Work required:
Please transcribe the records precisely; pictures stay out of your copy.
*** Opening of Excerpted records ***
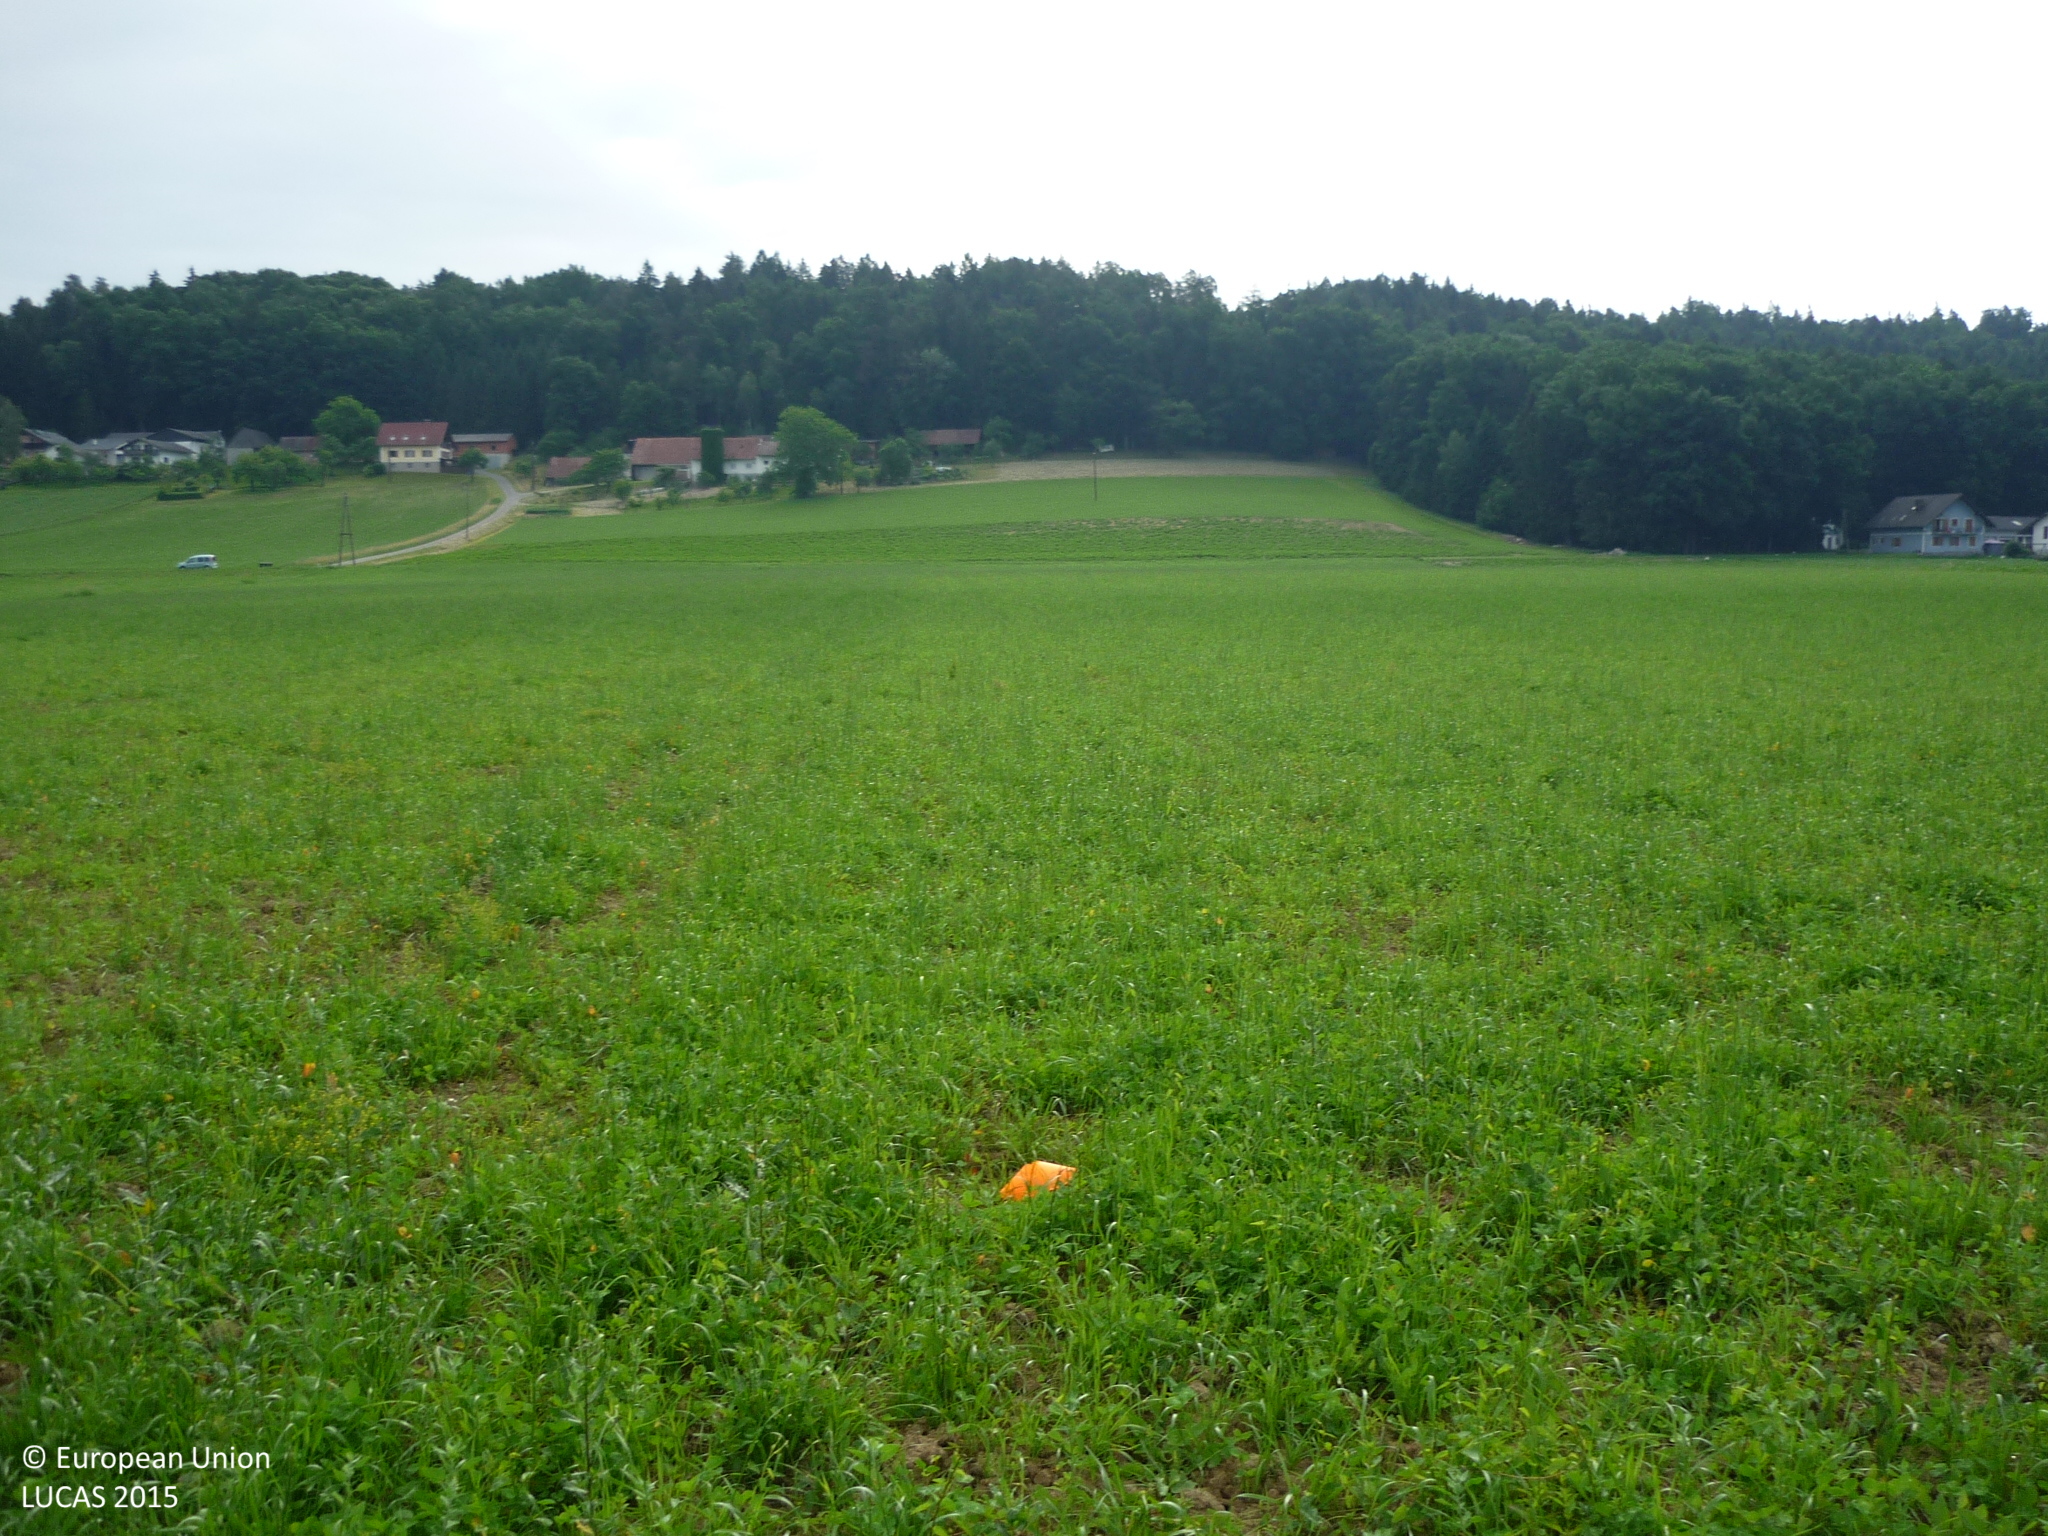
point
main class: Cropland
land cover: Temporary grasslands
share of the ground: > 75 %
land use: Agriculture (excluding fallow land and kitchen gardens)
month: June
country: AT
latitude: 46.7978
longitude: 15.6466
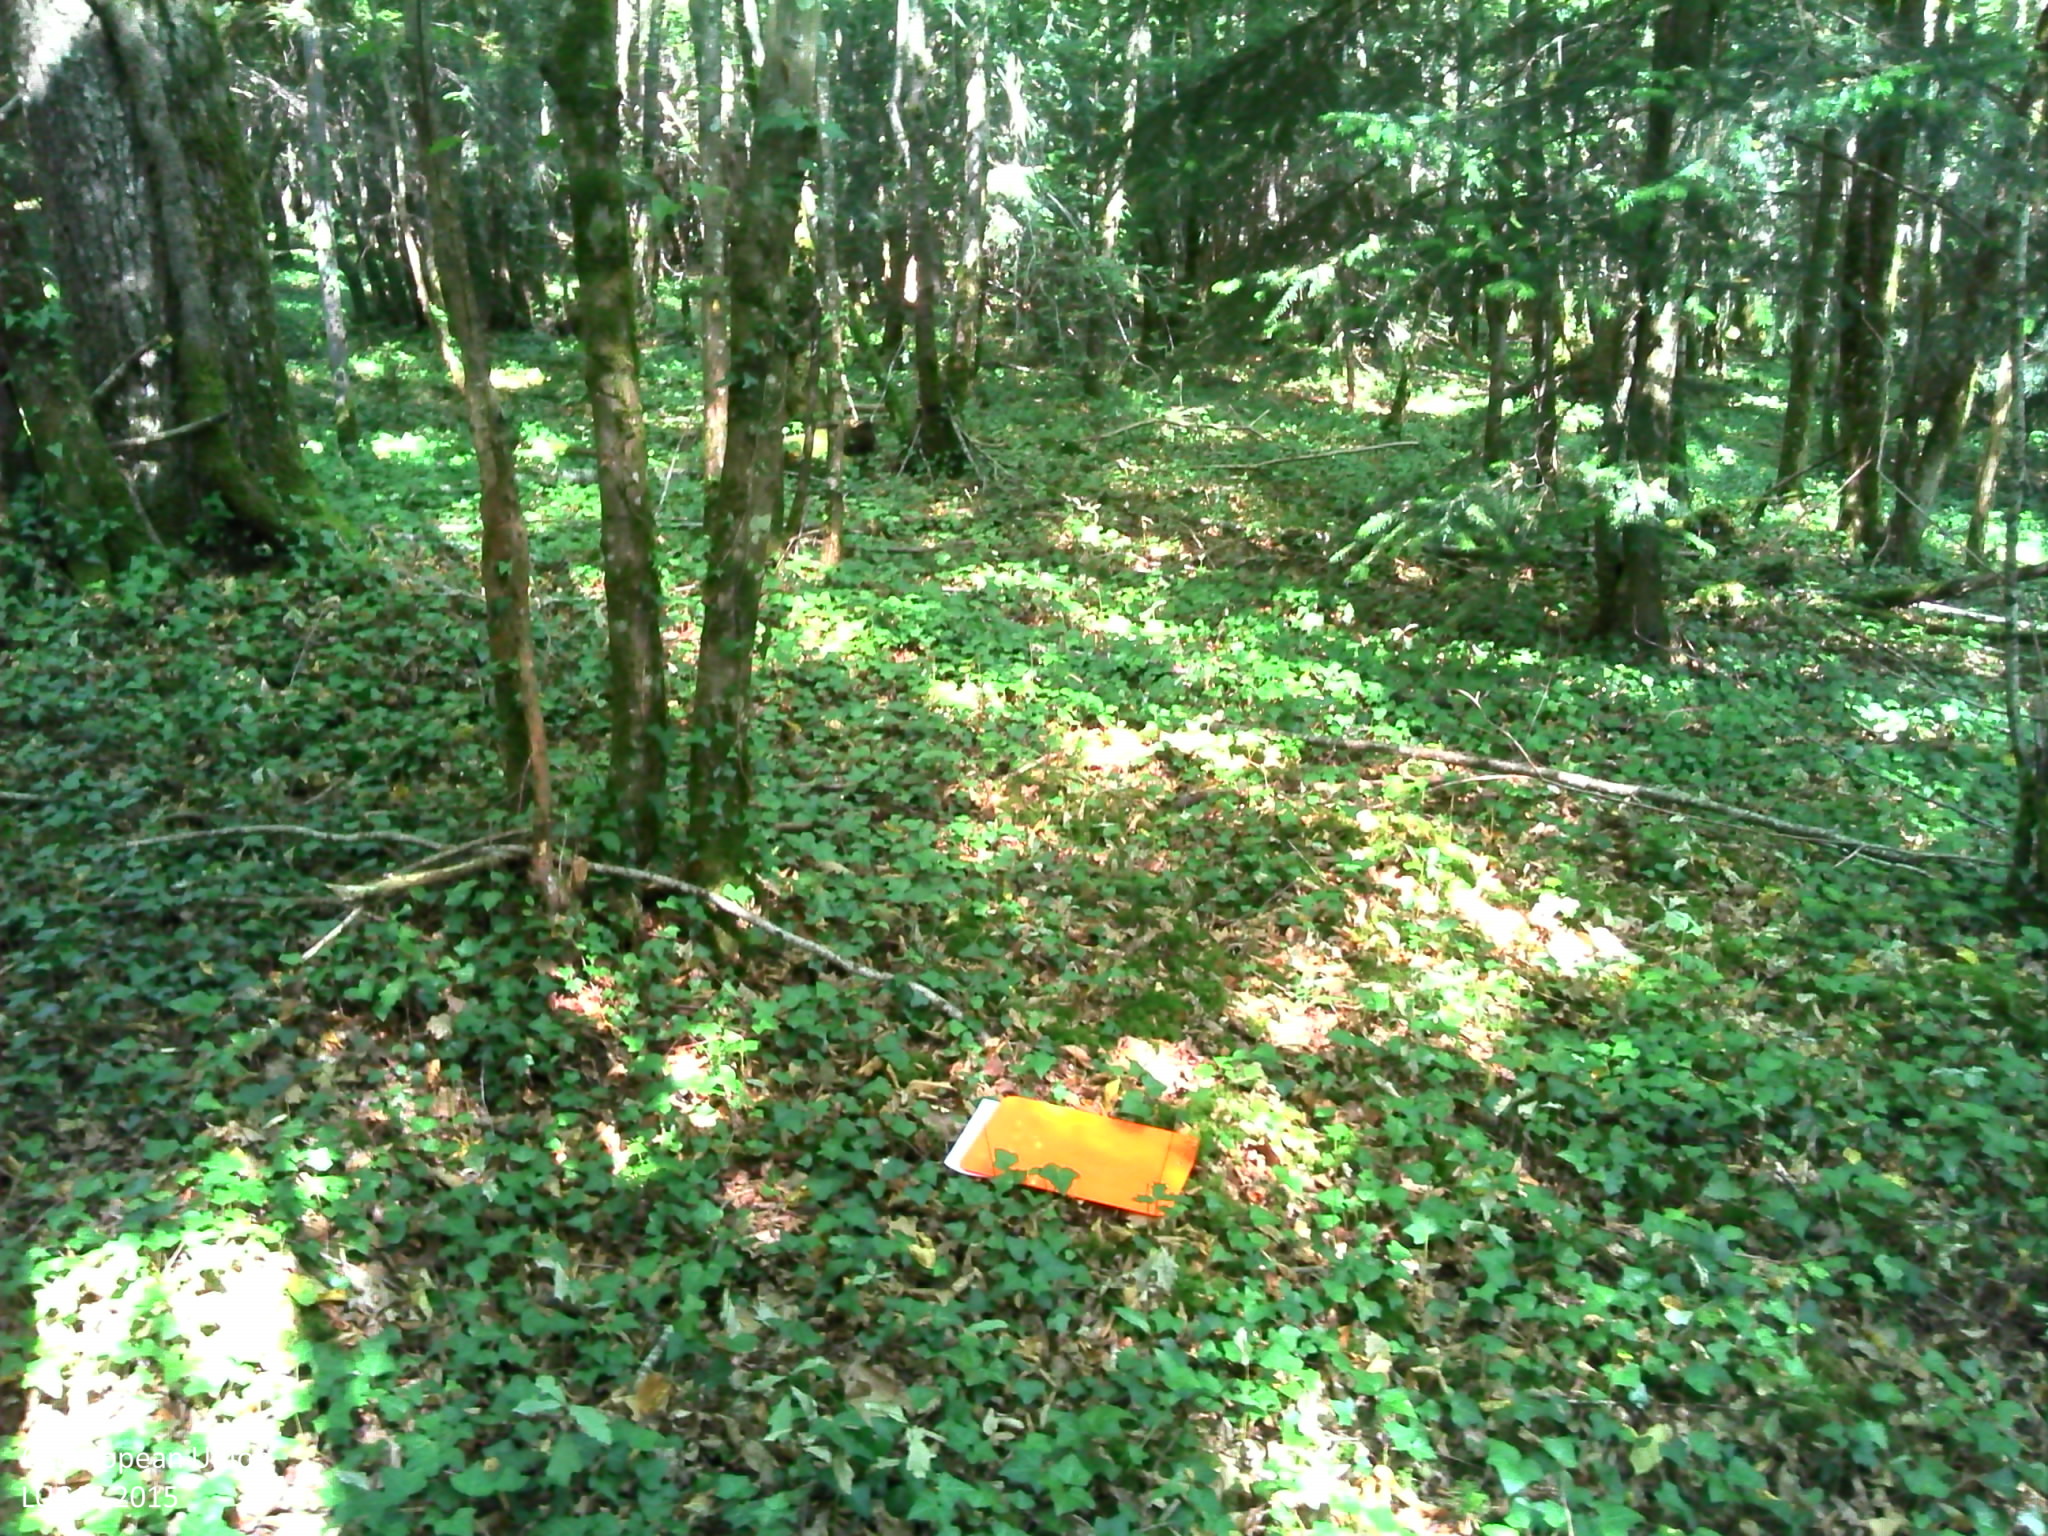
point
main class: Woodland
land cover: Pine dominated coniferous woodland
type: hemiboreal forest and nemoral coniferous forest and mixed broadleaved-coniferous forest
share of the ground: > 75 %
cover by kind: coniferous forest trees 80 %, herbaceous plants 10 %, shrubs 5 %, lichens and mosses 5 %
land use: Forestry
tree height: > 5 m
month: August
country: FR
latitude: 44.7716
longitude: 0.7557
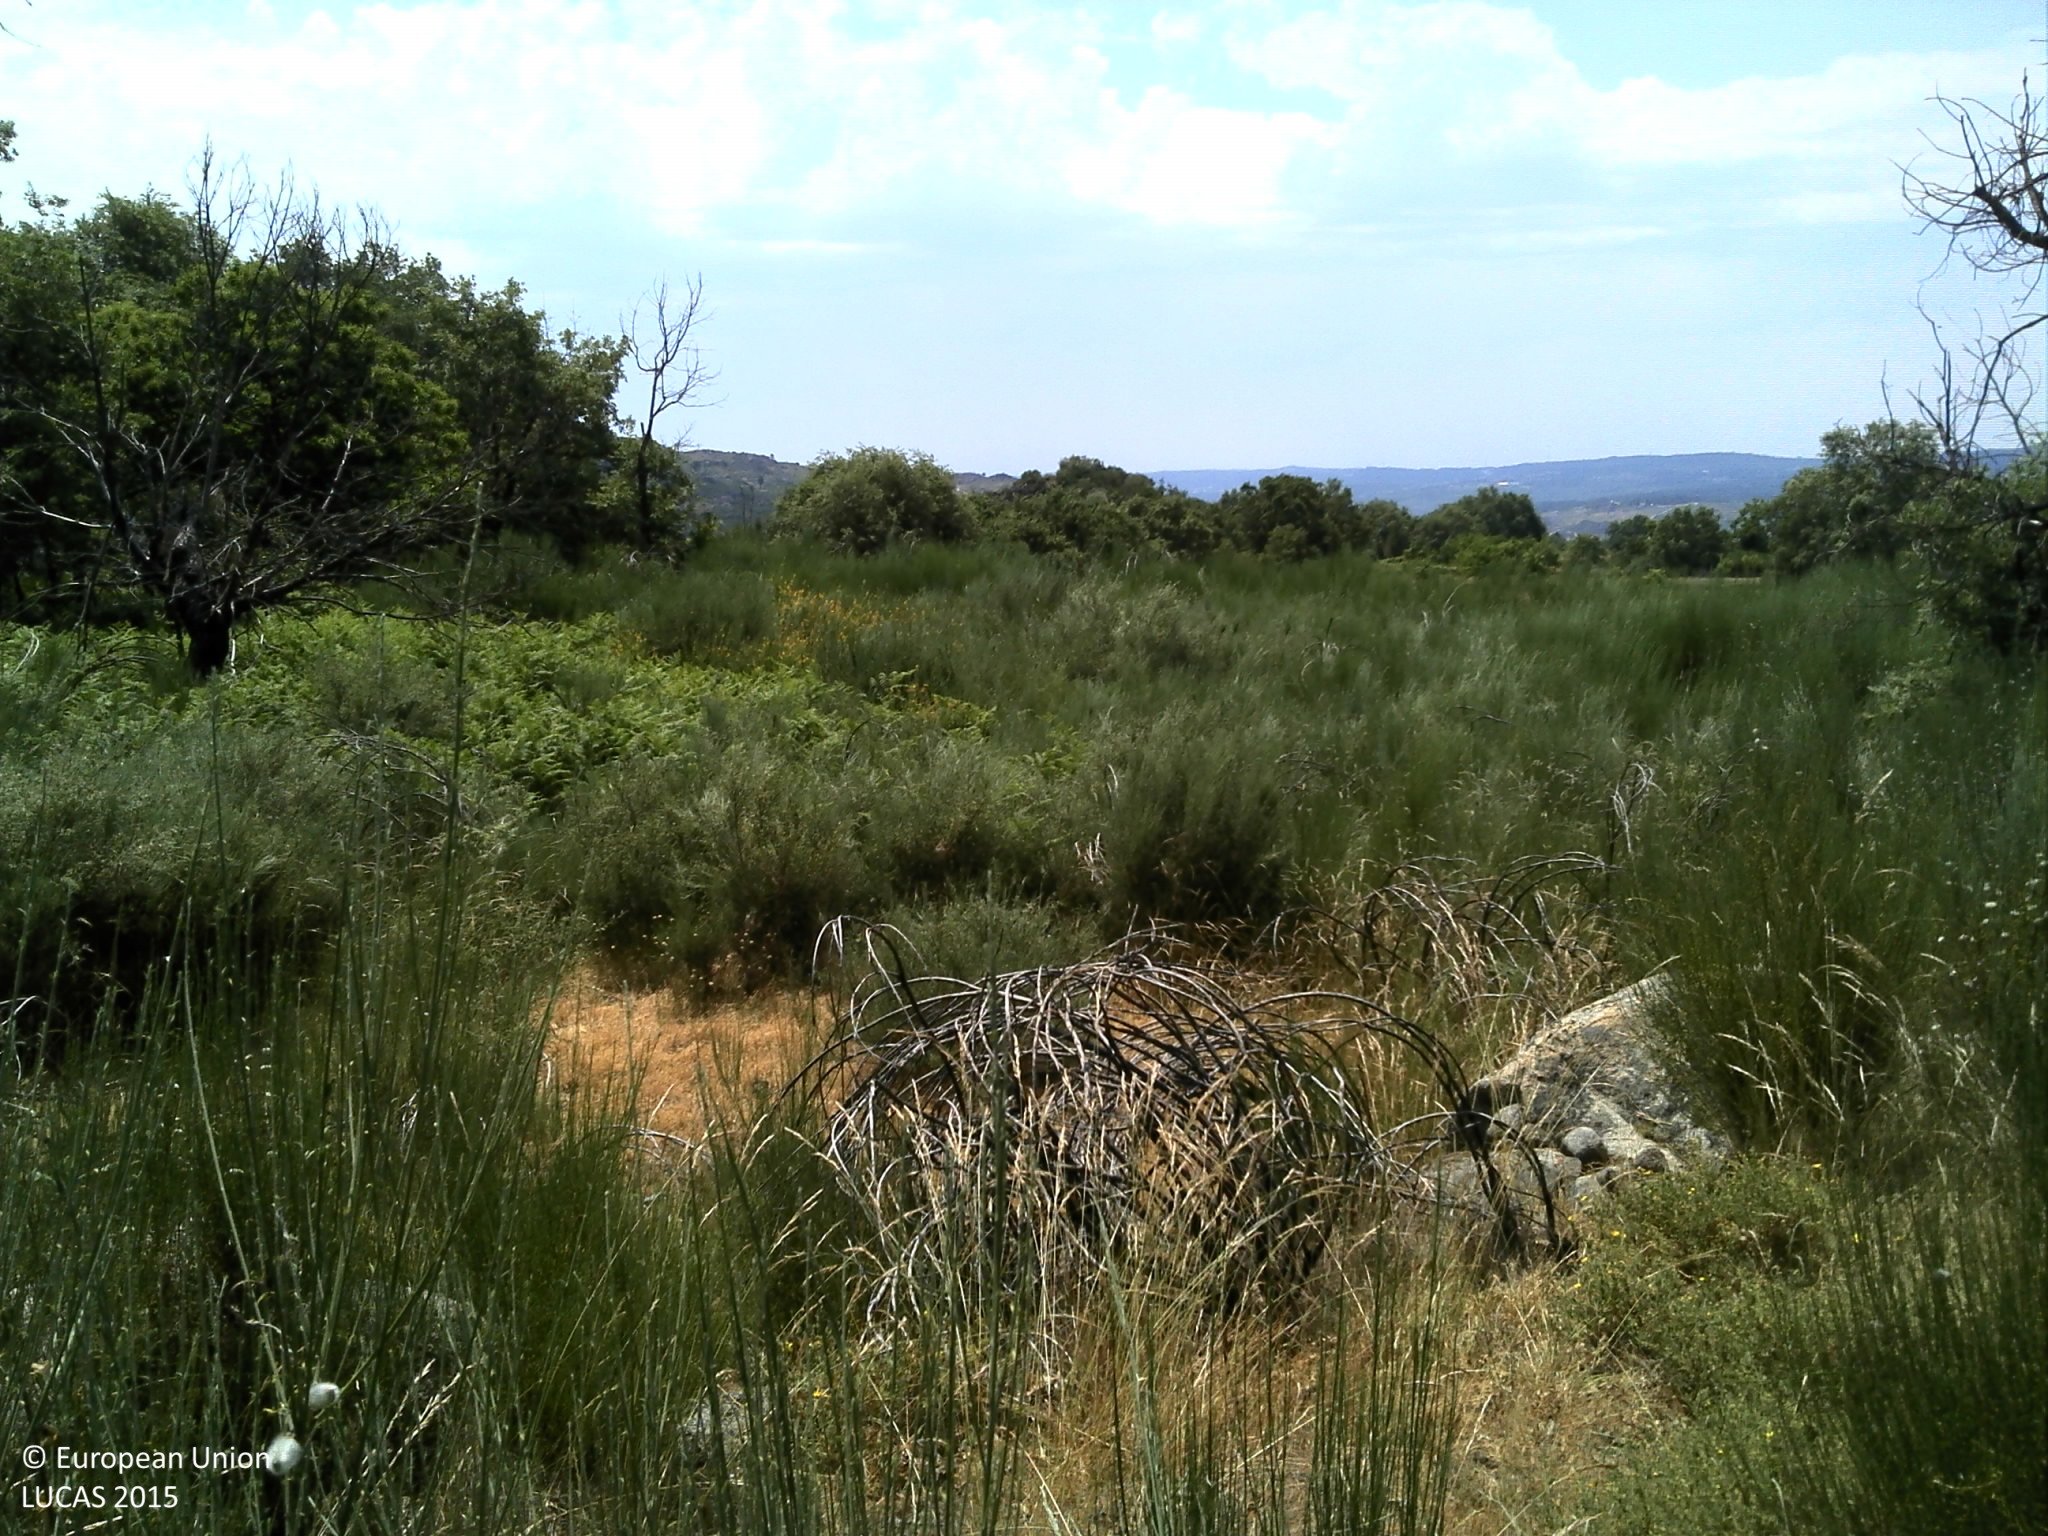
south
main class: Shrubland
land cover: Shrubland with sparse tree cover
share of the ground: > 75 %
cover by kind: shrubs 80 %, herbaceous plants 10 %, broadleaved forest trees 5 %, consolidated bare surface 5 %
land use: Semi-natural and natural areas not in use
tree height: > 5 m
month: June
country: PT
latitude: 41.4325
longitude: -7.5884
*** Close of Excerpted records ***
Response area:
point
main class: Cropland
land cover: Temporary grasslands
share of the ground: > 75 %
land use: Agriculture (excluding fallow land and kitchen gardens)
month: June
country: AT
latitude: 46.7978
longitude: 15.6466
point
main class: Woodland
land cover: Pine dominated coniferous woodland
type: hemiboreal forest and nemoral coniferous forest and mixed broadleaved-coniferous forest
share of the ground: > 75 %
cover by kind: coniferous forest trees 80 %, herbaceous plants 10 %, shrubs 5 %, lichens and mosses 5 %
land use: Forestry
tree height: > 5 m
month: August
country: FR
latitude: 44.7716
longitude: 0.7557
south
main class: Shrubland
land cover: Shrubland with sparse tree cover
share of the ground: > 75 %
cover by kind: shrubs 80 %, herbaceous plants 10 %, broadleaved forest trees 5 %, consolidated bare surface 5 %
land use: Semi-natural and natural areas not in use
tree height: > 5 m
month: June
country: PT
latitude: 41.4325
longitude: -7.5884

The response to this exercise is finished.